The complete redesign, which proved to be much more complex and took way longer than we originally imagined, of our e-Luminator booklight is done and the lights are in production. And although we do expect to have them available sometime soon this summer, because we have had to push back the release date several times already (due to unforeseen development/production delays) we will not set a new date until we are 100% sure we can meet it this time.

We will be sending out a special, limited-time, promotional offer for the light to everyone who has subscribed to our email newsletter. So, if you haven't done so already, please follow the link below and sign up. If you are subscribed, you will be able to use the promo email as notice that the lights are being released.

http://www.buymedge.com/about/contact/

If anyone has any additional questions or concerns, we can be reached at [email protected] Your interest in and satisfaction with our products is important to us! And we appreciate your continued patience!
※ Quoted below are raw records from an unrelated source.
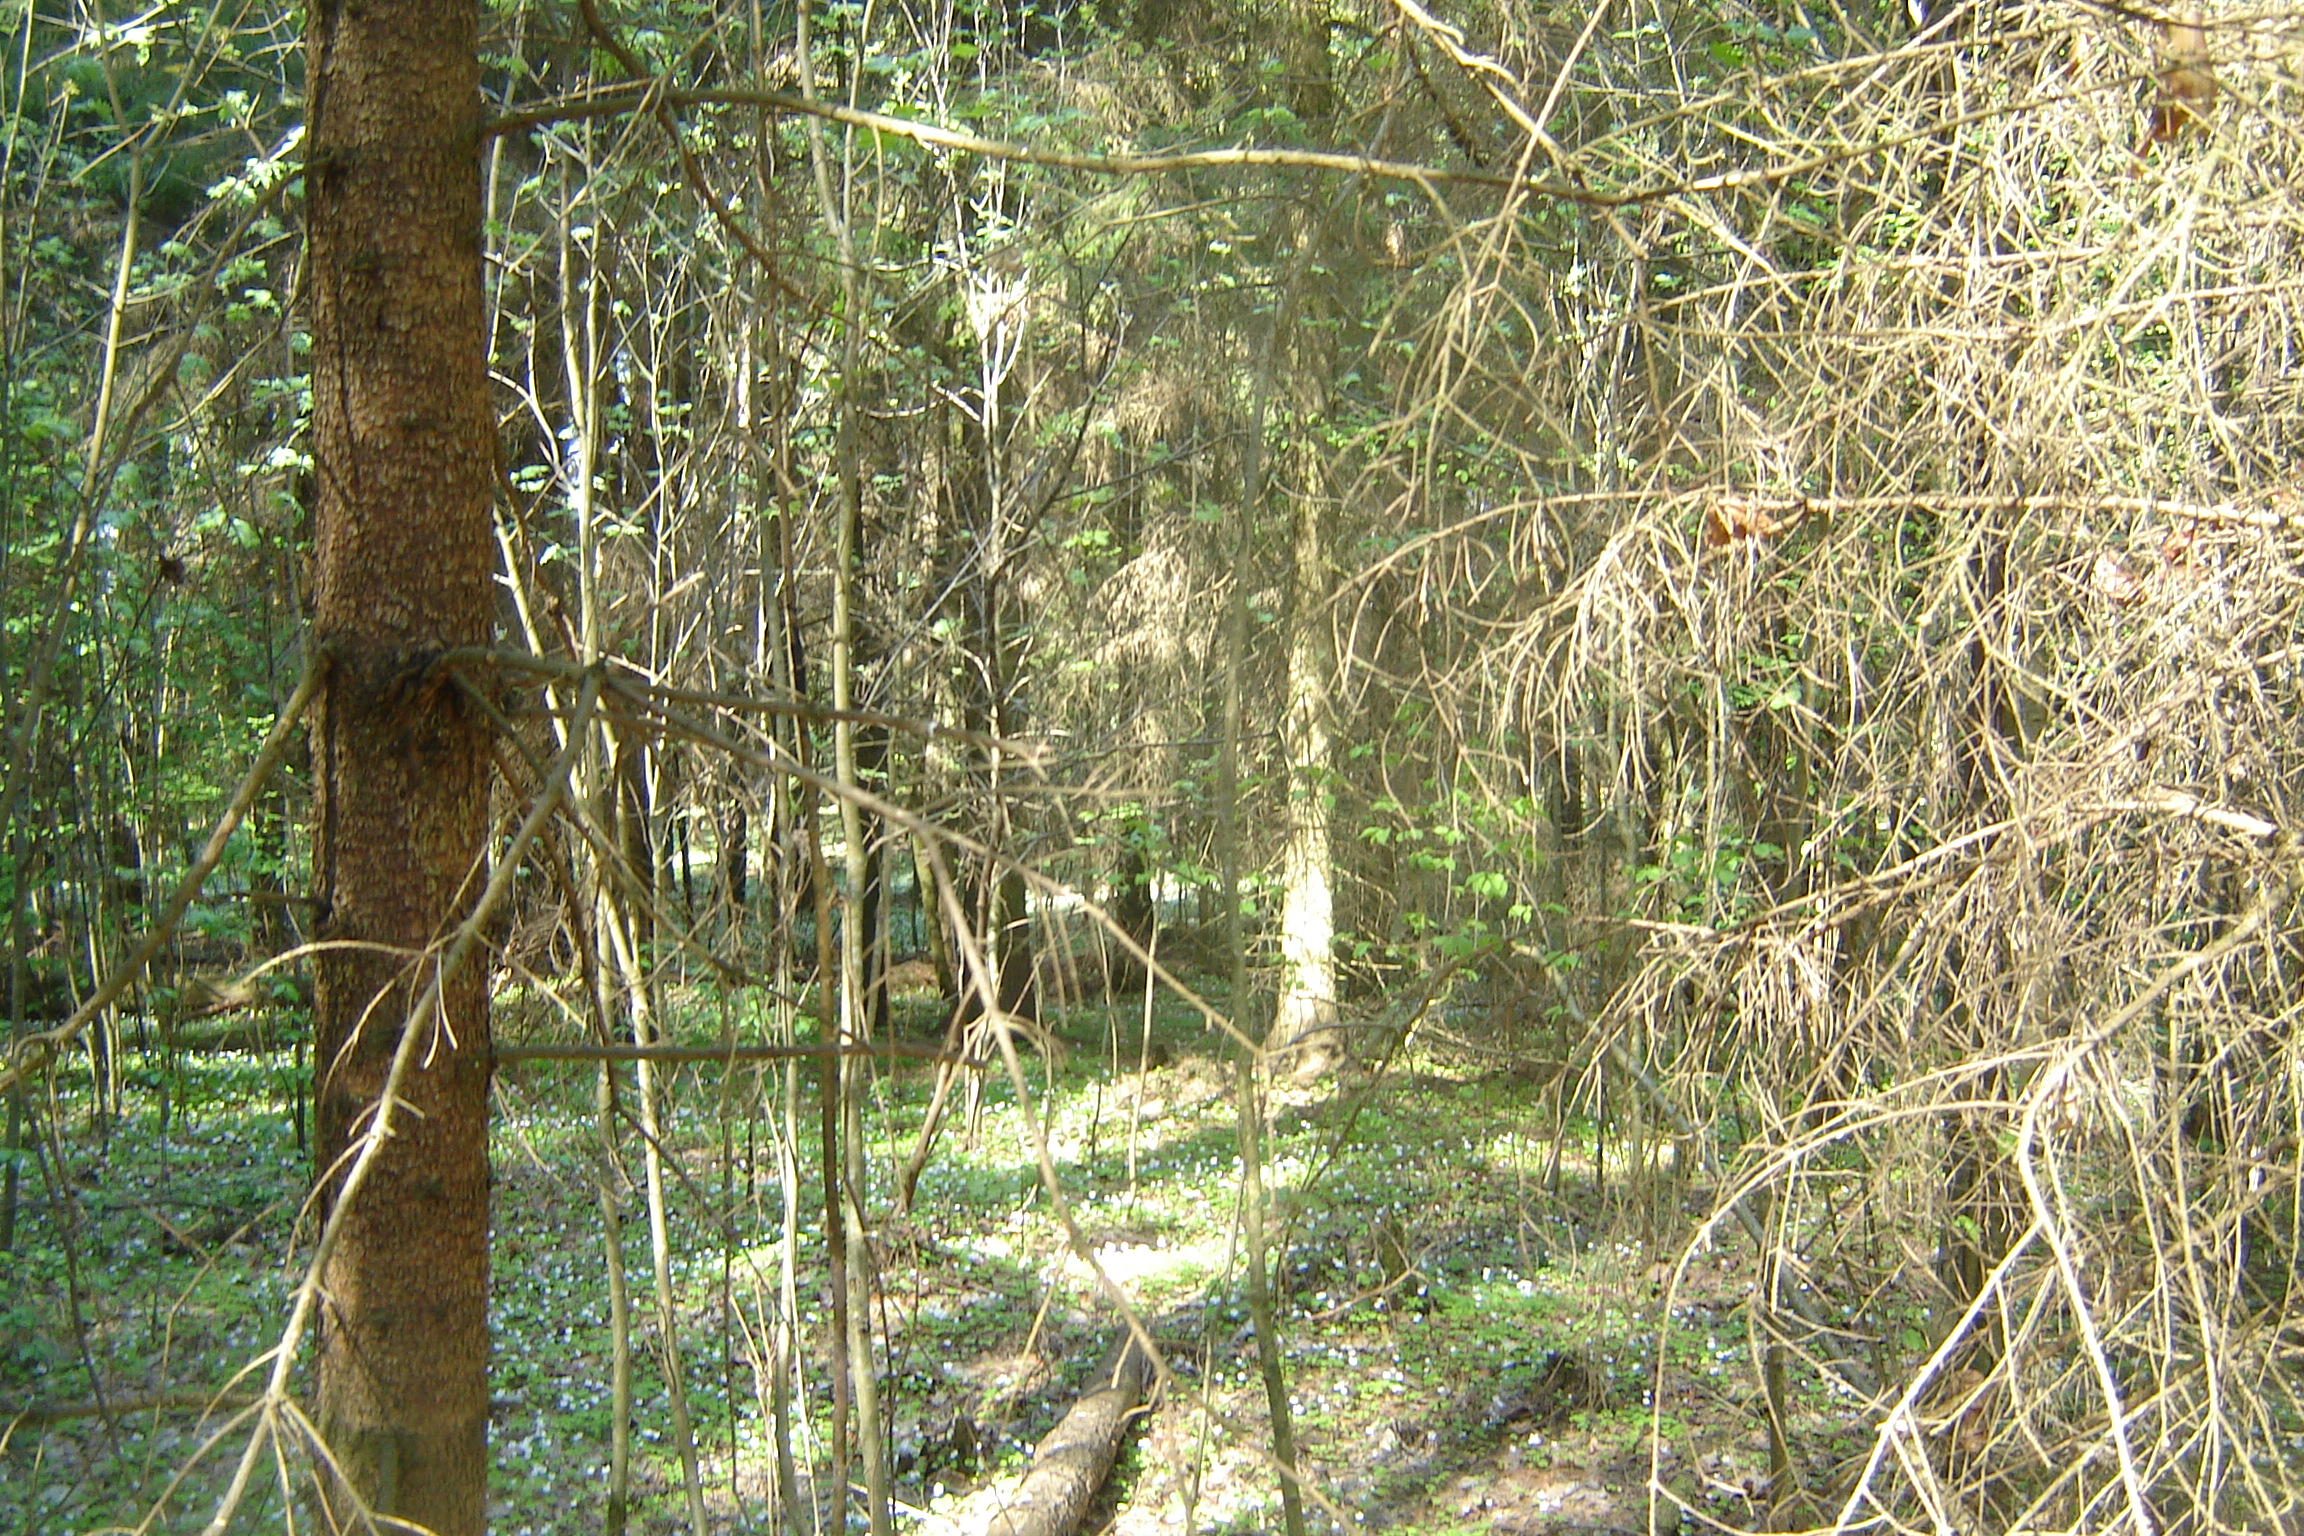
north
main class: Woodland
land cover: Other coniferous woodland
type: hemiboreal forest and nemoral coniferous forest and mixed broadleaved-coniferous forest
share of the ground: > 75 %
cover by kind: coniferous forest trees 100 %
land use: Forestry
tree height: > 5 m
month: May
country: LT
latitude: 56.0195
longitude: 25.7053
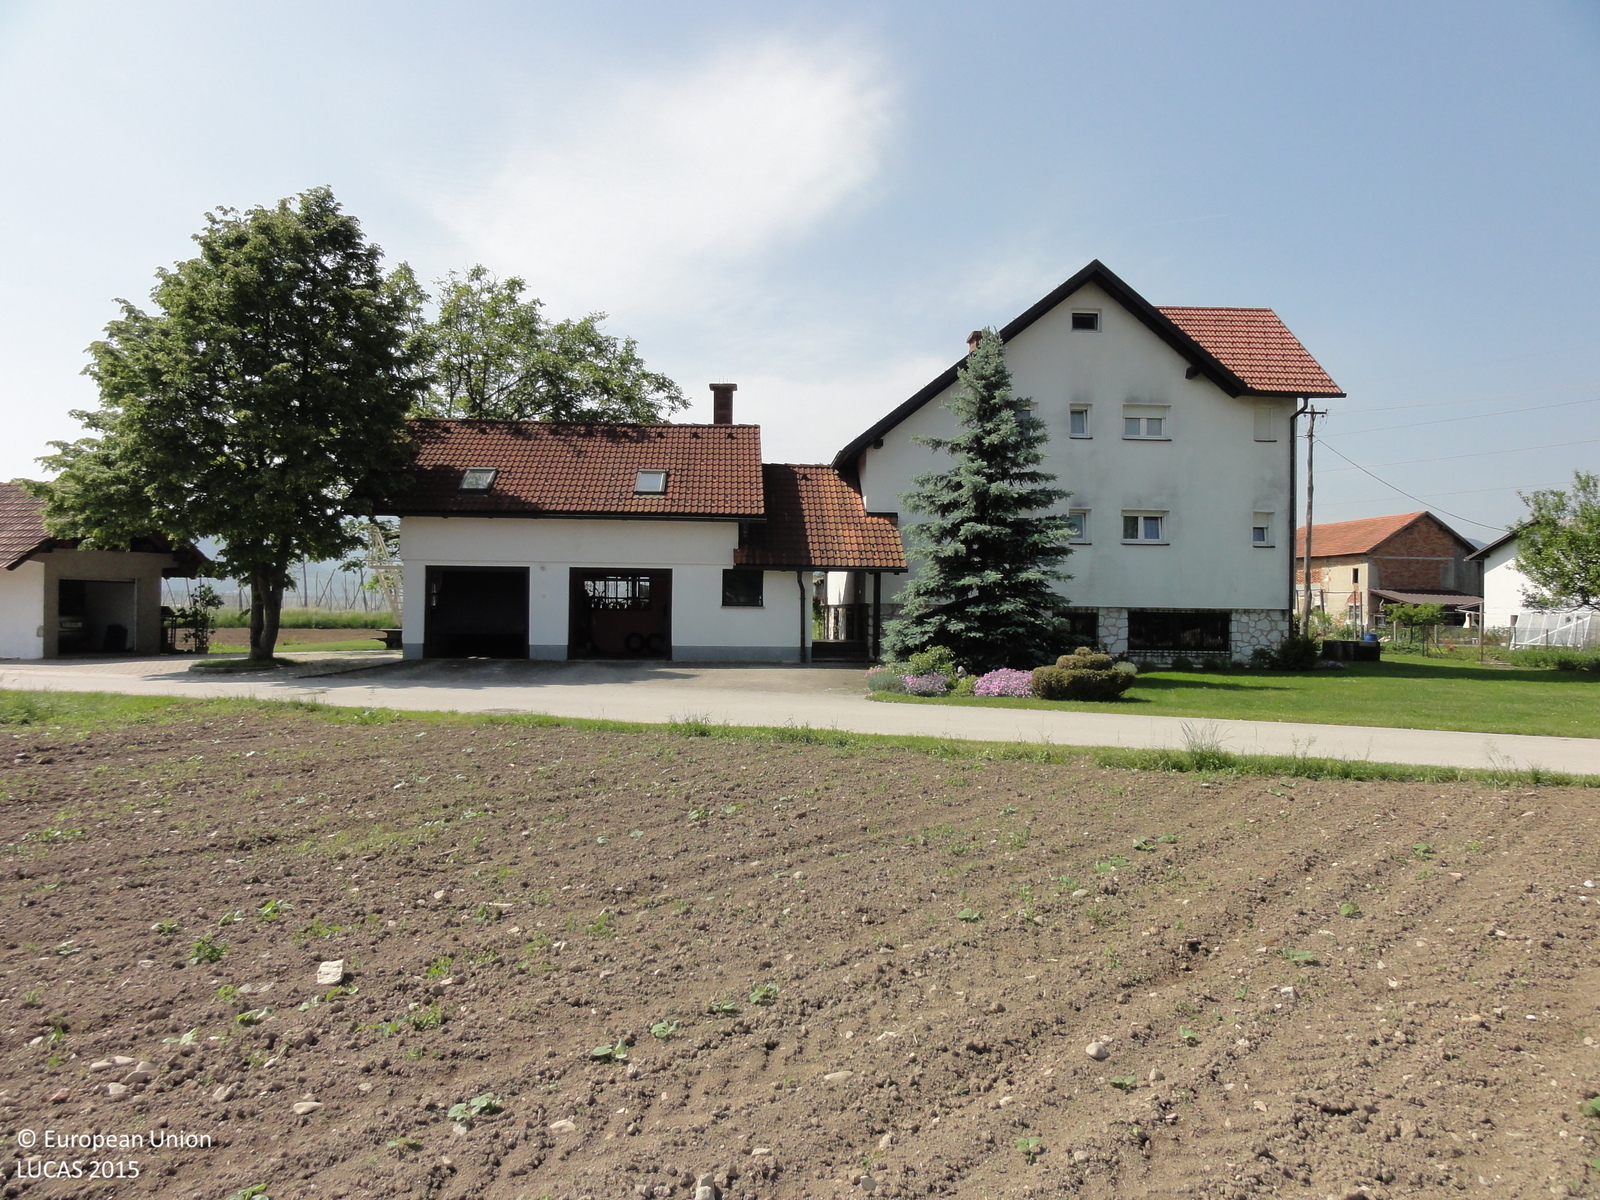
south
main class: Cropland
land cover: Other fresh vegetables
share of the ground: < 10 %
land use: Agriculture (excluding fallow land and kitchen gardens)
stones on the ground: 10 - 25 %
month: May
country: SI
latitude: 46.2634
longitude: 15.1483
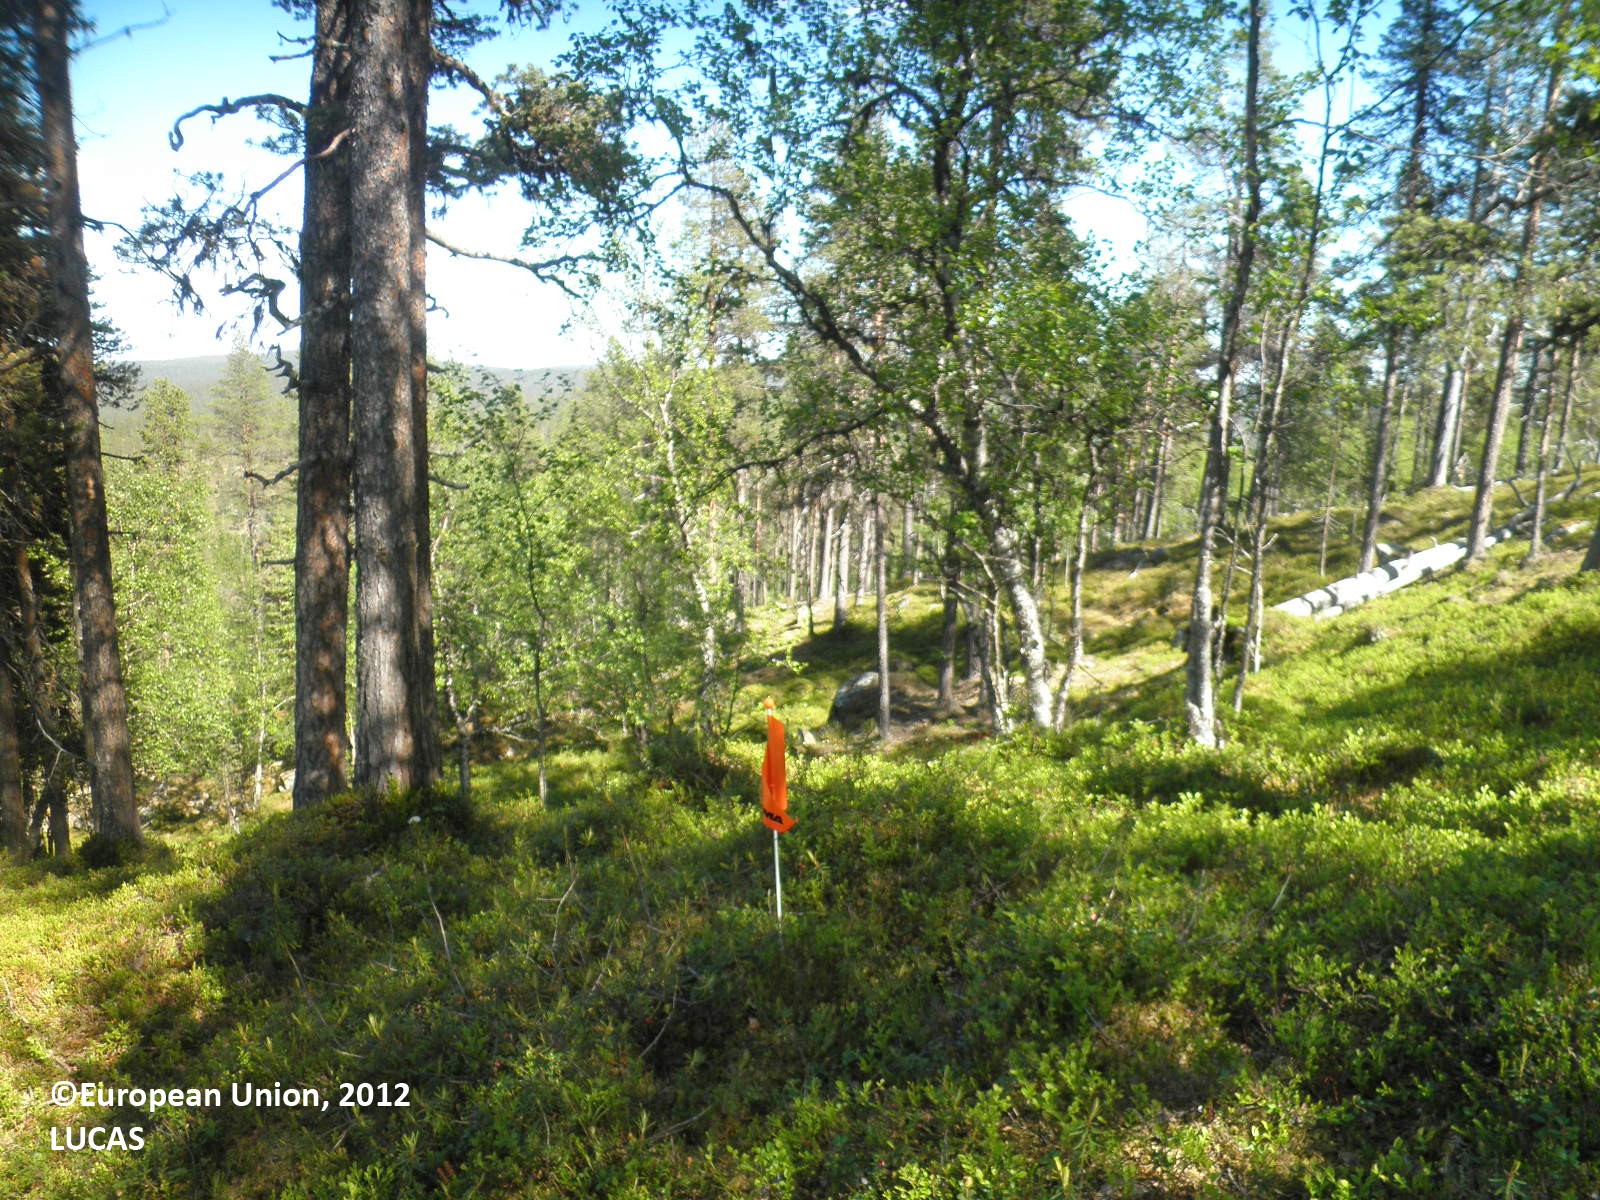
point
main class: Woodland
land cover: Pine dominated mixed woodland
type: boreal forest
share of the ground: 50 - 75 %
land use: Forestry
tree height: > 5 m
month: July
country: FI
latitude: 68.7795
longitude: 27.0200

Thank you!

Take Care,
Marie
Team M-Edge


----------



## Jessi (Jun 19, 2009)

Ooooh, yay! I'm pretty excited about this new light. Signing up now! Thanks!


----------



## Xopher (May 14, 2009)

Thanks Marie,

There are many of us out here anxiously awaiting the new lights.


----------



## MarthaT (Mar 3, 2009)

Xopher said:


> Thanks Marie,
> 
> There are many of us out here anxiously awaiting the new lights.


I know I am


----------



## drenee (Nov 11, 2008)

I too have been waiting for the new light.  I still LOVE my old light and am looking forward to the new design.
thank you, M-edge
deb


----------



## taz454 (Jul 4, 2009)

Thanks all I did get in touch with M-Edge and got the same email  that that was poster above.


----------



## krissynae (Feb 21, 2009)

I wrote them about a month ago and asked when it would be it would be available. They said sign up for the newsletter and it will be announced in it.


----------